Segundo, precisam garantir uma implementação escalável na qual os clientes possam confiar. Sabemos que nunca teremos 100% de confiança, mas você não deveria ter que liberar uma nova versão e rezar.
Nesse aspecto, o propósito do Discovery é garantir que existe alguma evidência de que quando pedirmos algo para os engenheiros construírem, não será uma perda de tempo. Existem diversas técnicas para fazer Discovery que nos ajudam a entender os clientes e usuários, levantando essas evidências, e a maioria delas não exige tempo de desenvolvimento.
Existem alguns princípios que a serem considerados no Discovery:
- Não podemos contar com clientes ou executivos para determinar o que devemos construir. Clientes não sabem o que é possível e, quando se trata de tecnologia, não sabemos o que queremos até vermos.
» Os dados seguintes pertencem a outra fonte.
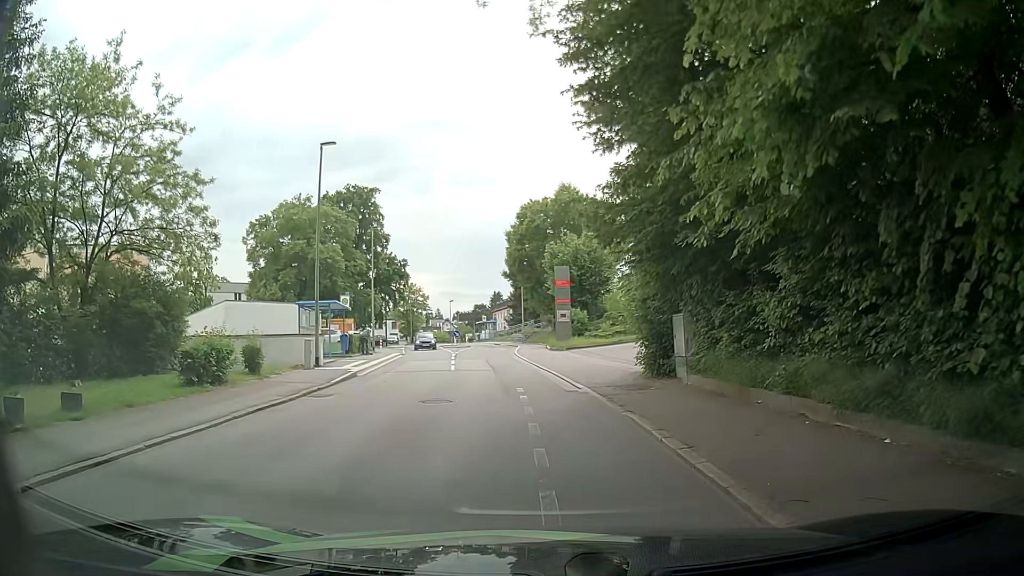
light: Day
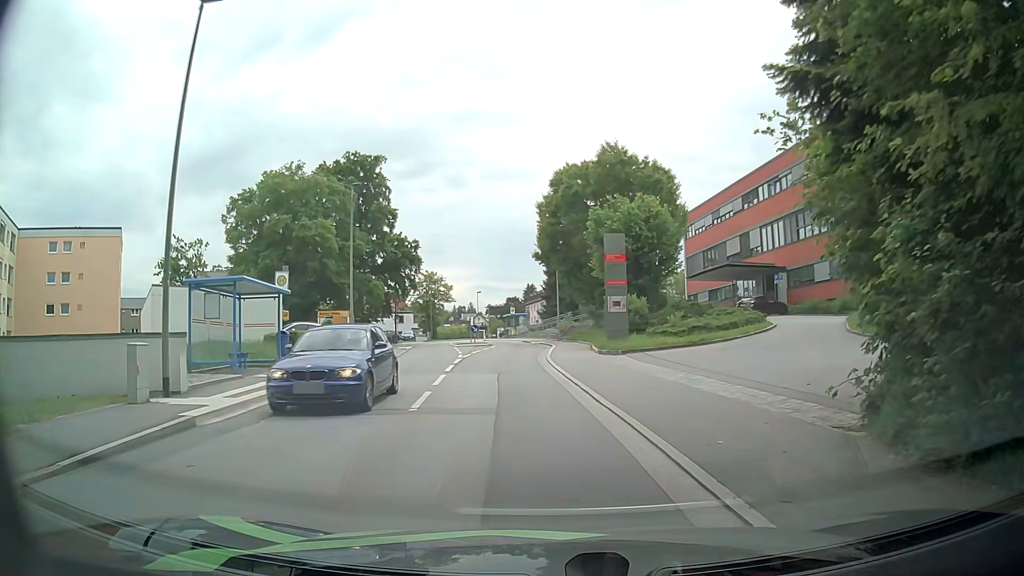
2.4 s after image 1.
(-0.3, +12.2) m; -3°
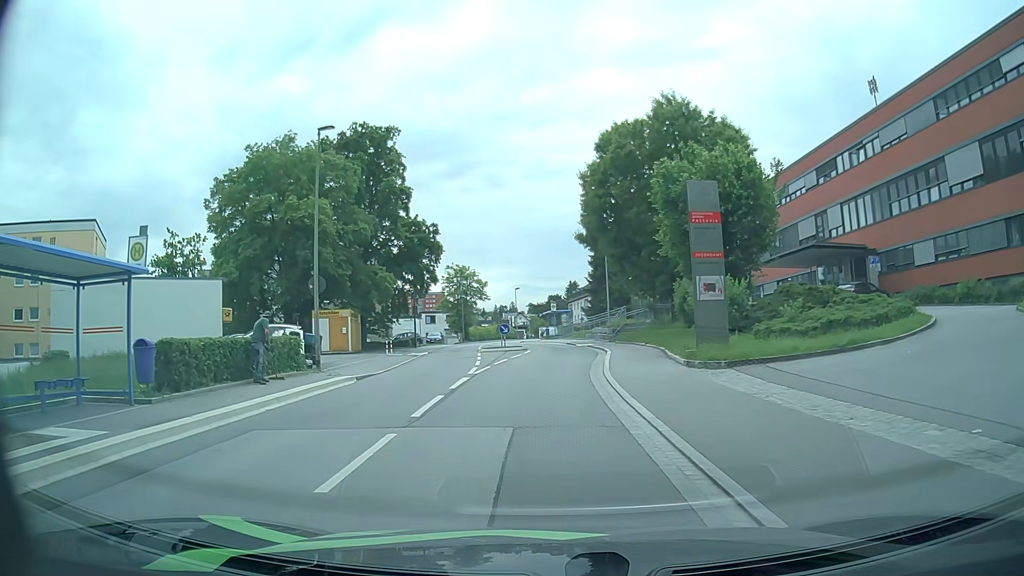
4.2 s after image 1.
(0.0, +10.1) m; -2°
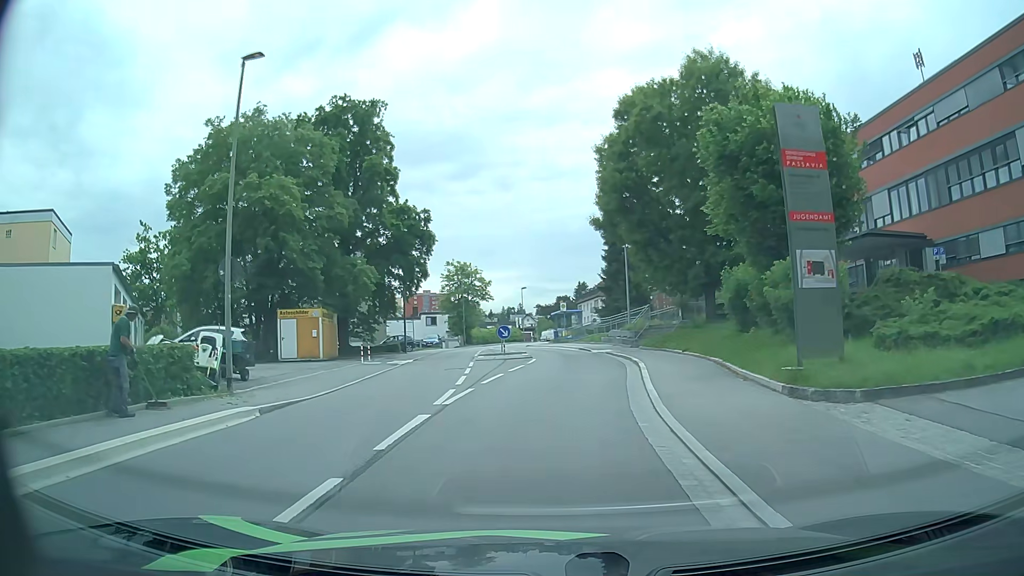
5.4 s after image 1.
(0.0, +7.0) m; 0°
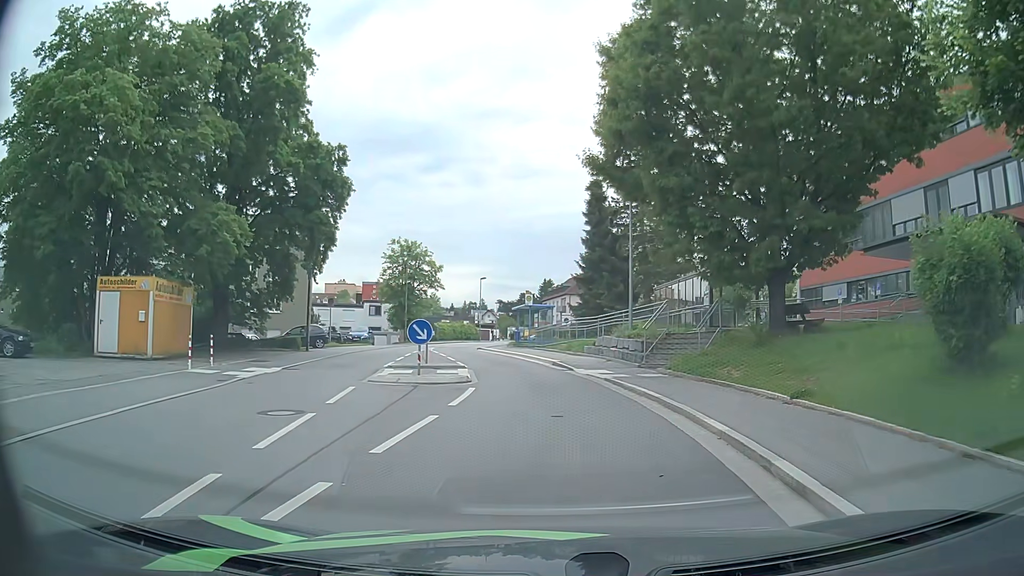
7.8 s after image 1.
(+0.1, +13.8) m; +2°
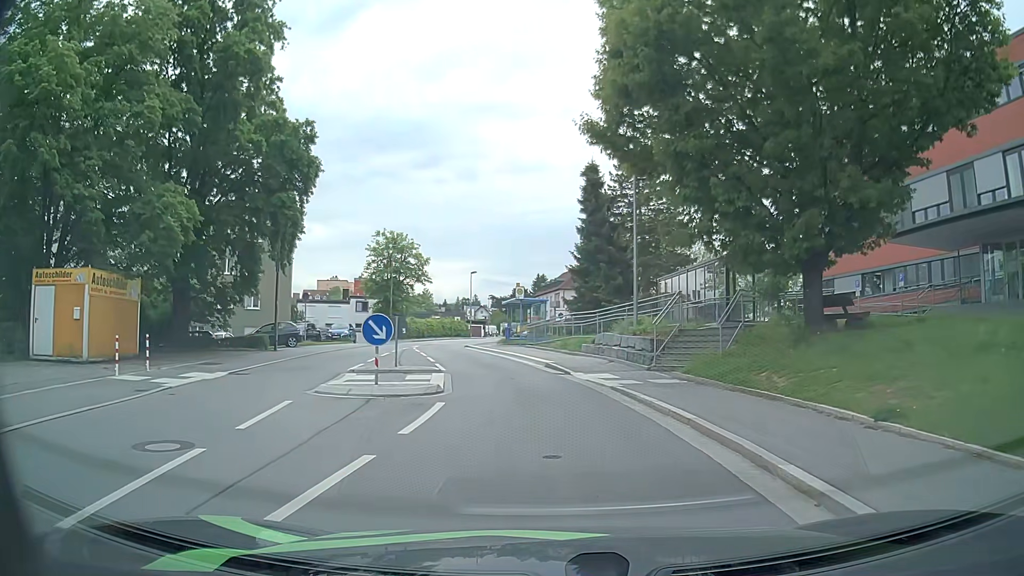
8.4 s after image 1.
(+0.1, +3.4) m; +1°
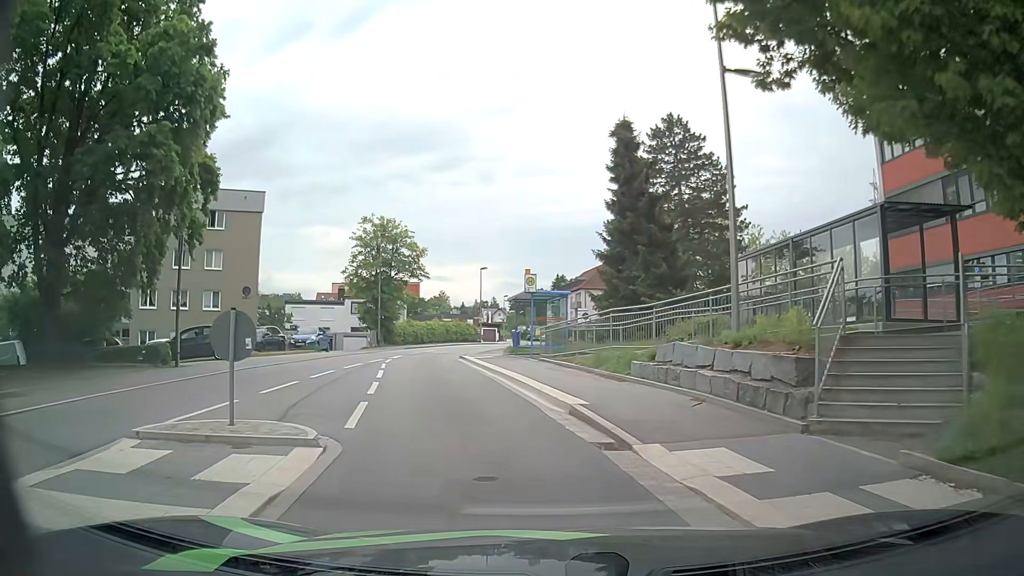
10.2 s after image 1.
(+0.1, +10.4) m; -1°
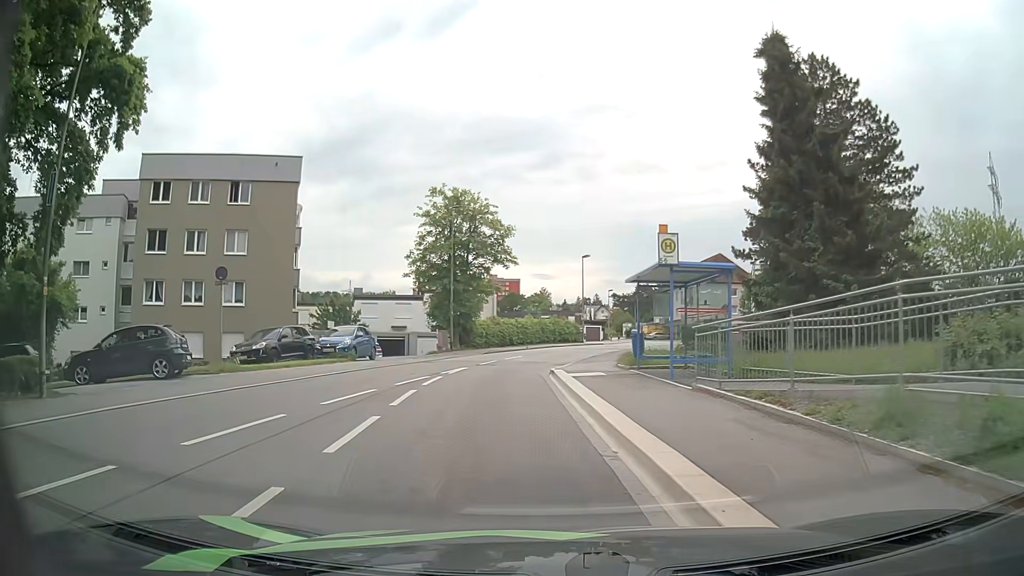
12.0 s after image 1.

- A coisa mais importante é criar valor real para que os clientes escolham comprar ou usar o produto.
- Criar uma boa experiência do usuário é tão ou mais difícil que criar de fato o produto.
- Funcionalidades, design e tecnologia estão entrelaçados e são interdependentes.
- A maioria das nossas ideias não irá funcionar e as que funcionarem vão requerer várias interações. Portanto, precisamos estar abertos para resolver o problema da maneira que for necessária.
- Devemos validar nossas ideias com usuários e clientes reais. Uma das maiores armadilhas é acreditarmos que conseguimos antecipar a resposta dos usuários aos nosso produtos com base em pesquisas ou experiências próprias.
- Nosso objetivo no Discovery é validar nossas ideias da maneira mais rápida e barata possível.
- É preciso validar a viabilidade técnica das ideias durante o Discovery e não depois. Se a primeira vez que os desenvolvedores viram uma ideia for na planning, você falhou.
- É preciso validar a viabilidade de negócio das ideias durante o Discovery e não depois. Viabilidade de negócio inclui considerações financeiras, marketing, vendas, jurídicas, novos negócios e executivos.
- É tudo sobre aprendizado compartilhado. O time deve aprender junto e todos entendem o contexto e a razão pela qual as coisas são feitas.
Ferramentas de Discovery
Não existe taxonomia perfeita para as técnicas de Discovery, pois diversas técnicas são úteis em diferentes situações. O livro cita várias delas superficialmente e é isso que veremos nesta parte do capítulo, divididas por tipos.
Técnicas de Concepção
São dois os objetivos gerais dessas técnicas, o primeiro é garantir que todo o time esteja na mesma página, devidamente alinhados e com clareza do propósito, entendem o problema e qual o foco de negócio. O segundo é identificar grandes riscos em torno do problema e da solução proposta.
Lembrando que são quatro riscos principais que tentamos mitigar no Discovery:
- Os clientes vão comprar ou escolher usar o produto? (risco de valor)
- O cliente consegue entender como usar o produto? (risco de usabilidade)
- Nós conseguimos construir? (risco de viabilidade técnica)
- Essa solução funciona para o nosso negócio? (risco de viabilidade de negócio)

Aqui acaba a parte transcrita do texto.